In particular, map the vector $v=(v_1,\dots,v_n)$ to the vector

$$\tilde{v} = ((v_1-\mu)/s,\dots,(v_n-\mu)/s)$$

where $\mu=(v_1+\dots+v_n)/n$ is the mean of the elements and $s=\sqrt{(v_1-\mu)^2 + \dots + (v_n-\mu)^2}$. (In the special case where $s=0$, define $\tilde{v}=(1/\sqrt{n},\dots,1/\sqrt{n})$.) Then the vector $\tilde{v}$ has unit length.

Now the Pearson distance $d_P$ satisfies

$$d_P(u,v) = 1 - \tilde{u} \cdot \tilde{v} = \|\tilde{u} - \tilde{v}\|^2 / 2,$$

where $\|\cdot\|$ is the Euclidean ($L_2)$ norm. (See here and here for a derivation of the above equation.)

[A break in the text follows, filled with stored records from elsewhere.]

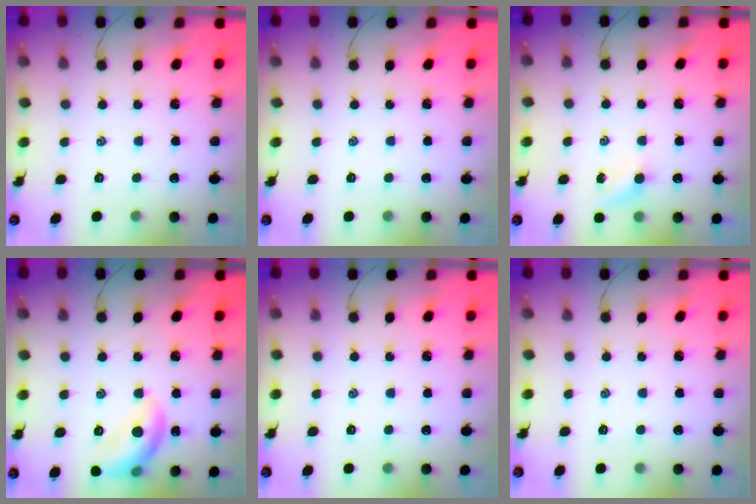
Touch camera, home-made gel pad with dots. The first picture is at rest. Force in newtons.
{"total": 0.0}
{"total": 3.9, "press": 3.7, "slide": 1.4}
{"total": 12.5, "press": 12.4, "slide": 1.1}
{"total": 0.0}
{"total": 0.0}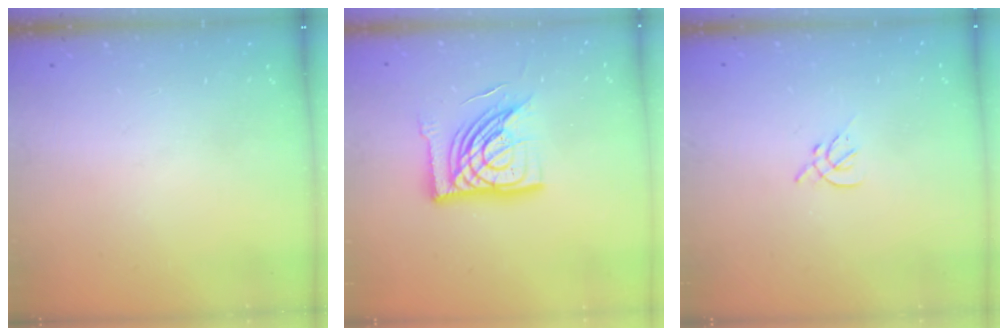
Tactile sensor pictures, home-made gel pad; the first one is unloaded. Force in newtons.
{"total": 15.6, "press": 15.5, "slide": 1.2}
{"total": 2.0, "press": 1.9, "slide": 0.5}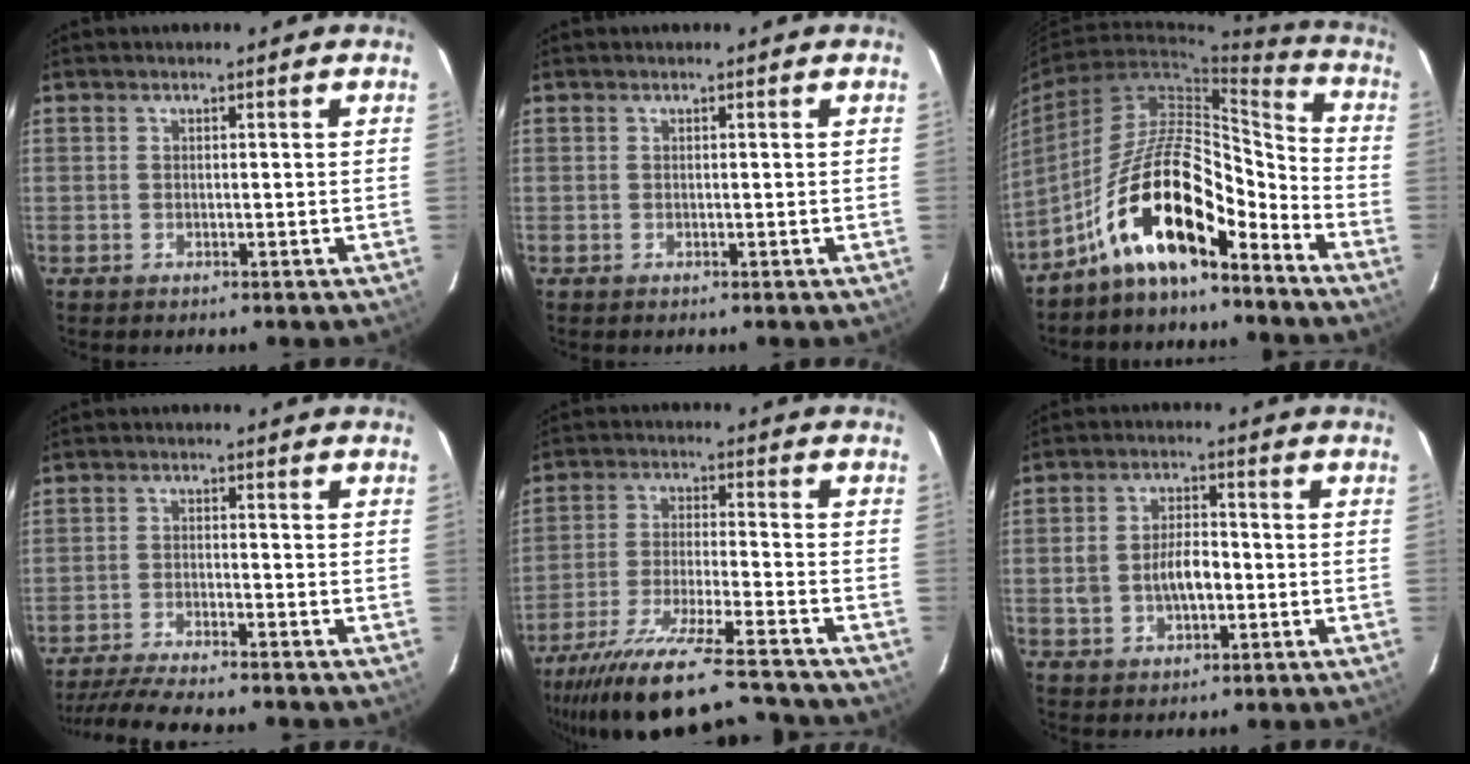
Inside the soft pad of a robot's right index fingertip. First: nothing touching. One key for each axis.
{"total": 0.0}
{"total": 14.8, "fx": -10.6, "fy": 4.5, "fz": 9.2, "tx": -0.167, "ty": 0.023, "tz": -0.193}
{"total": 11.8, "fx": -10.9, "fy": 0.3, "fz": 4.4, "tx": -0.101, "ty": -0.013, "tz": -0.176}
{"total": 23.3, "fx": -21.3, "fy": 1.5, "fz": 9.5, "tx": -0.183, "ty": -0.056, "tz": -0.334}
{"total": 7.5, "fx": -1.3, "fy": 4.5, "fz": 5.8, "tx": -0.117, "ty": 0.011, "tz": -0.016}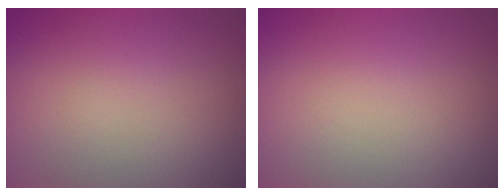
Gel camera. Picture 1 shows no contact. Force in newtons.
{"total": 0.0}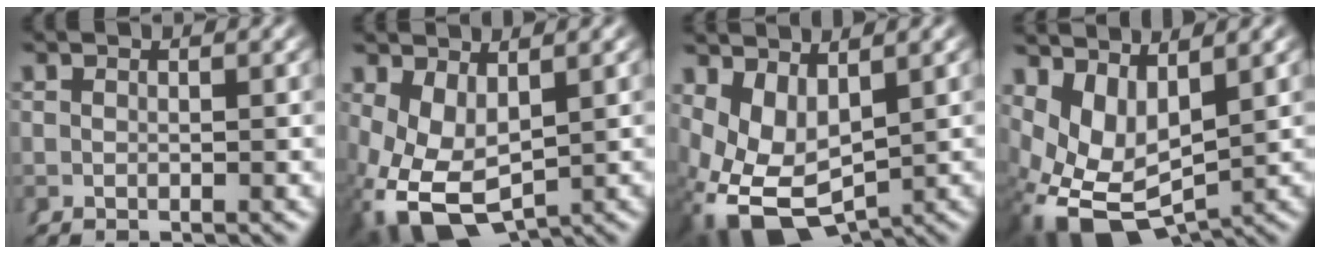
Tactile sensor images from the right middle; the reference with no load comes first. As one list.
[{"total": 9.2, "force": [-3.1, 6.4, 5.8], "torque": [-0.153, -0.073, -0.024]}, {"total": 9.4, "force": [-2.2, 6.6, 6.3], "torque": [-0.153, -0.053, -0.018]}, {"total": 10.4, "force": [-1.9, 7.8, 6.7], "torque": [-0.161, -0.055, -0.013]}]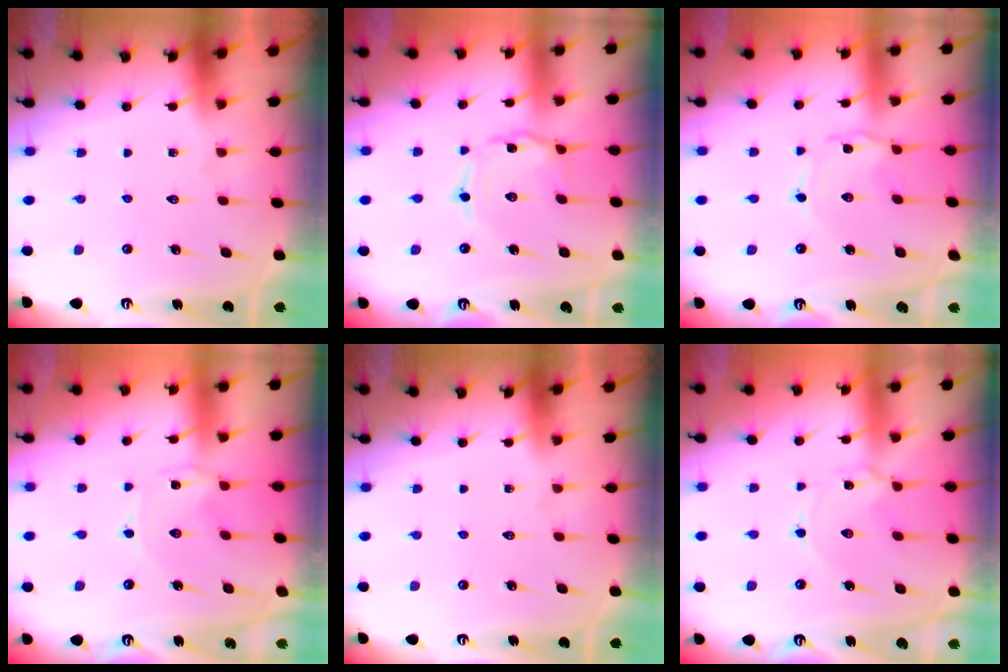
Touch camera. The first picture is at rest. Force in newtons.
{"total": 1.2, "press": 1.1, "slide": 0.2}
{"total": 1.0, "press": 1.0, "slide": 0.1}
{"total": 0.0}
{"total": 0.0}
{"total": 2.3, "press": 2.3, "slide": 0.4}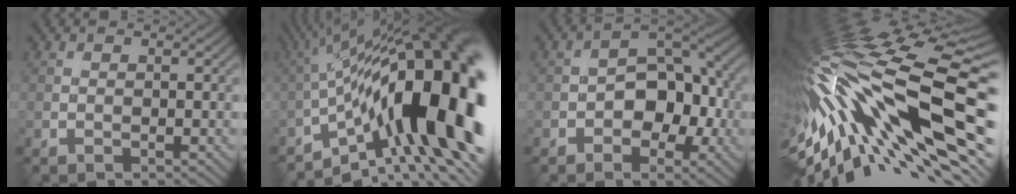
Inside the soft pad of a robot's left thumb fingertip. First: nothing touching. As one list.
[{"total": 20.6, "force": [-3.4, 7.3, 18.9], "torque": [-0.270, 0.019, -0.066]}, {"total": 7.7, "force": [-2.0, 5.1, 5.4], "torque": [-0.058, 0.008, -0.042]}, {"total": 19.7, "force": [-4.2, 8.4, 17.3], "torque": [-0.347, -0.046, -0.068]}]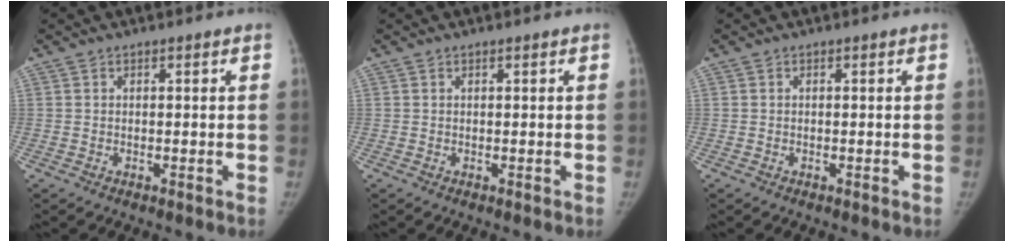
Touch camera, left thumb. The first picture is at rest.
{"total": 0.0}
{"total": 0.0}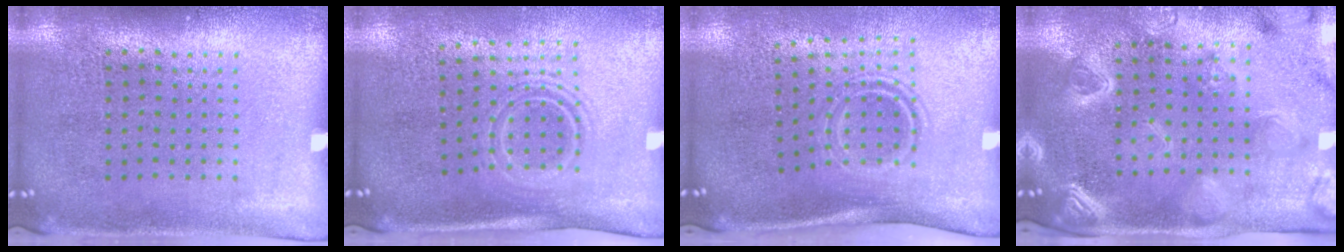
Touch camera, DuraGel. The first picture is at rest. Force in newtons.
{"total": 1.6, "press": 1.2, "slide": 1.1}
{"total": 1.7, "press": 1.0, "slide": 1.3}
{"total": 3.5, "press": 3.2, "slide": 1.5}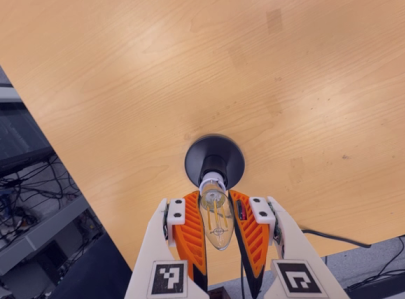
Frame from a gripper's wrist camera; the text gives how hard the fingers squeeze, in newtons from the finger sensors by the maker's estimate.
{"total": 20.4, "left": 21.9, "right": 19.0}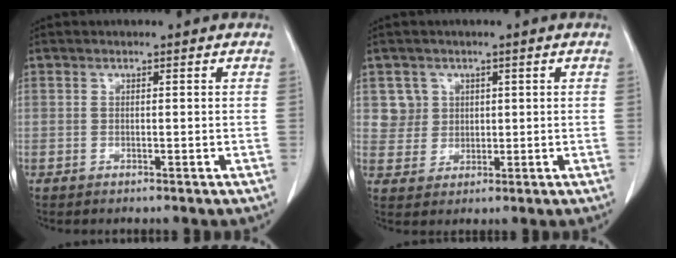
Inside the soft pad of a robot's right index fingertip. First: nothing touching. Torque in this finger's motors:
{"motor_torque": [-0.05, 0.03, -0.01, 0.00]}

Thus, minimizing the Pearson distance between $u,v$ is equivalent to minimizing the Euclidean distance between $\tilde{u},\tilde{v}$. So once you've mapped vector $v$ to its embedding $\tilde{v}$, you can use a standard nearest neighbor data structure (with Euclidean distance) to answer nearest neighbor searches.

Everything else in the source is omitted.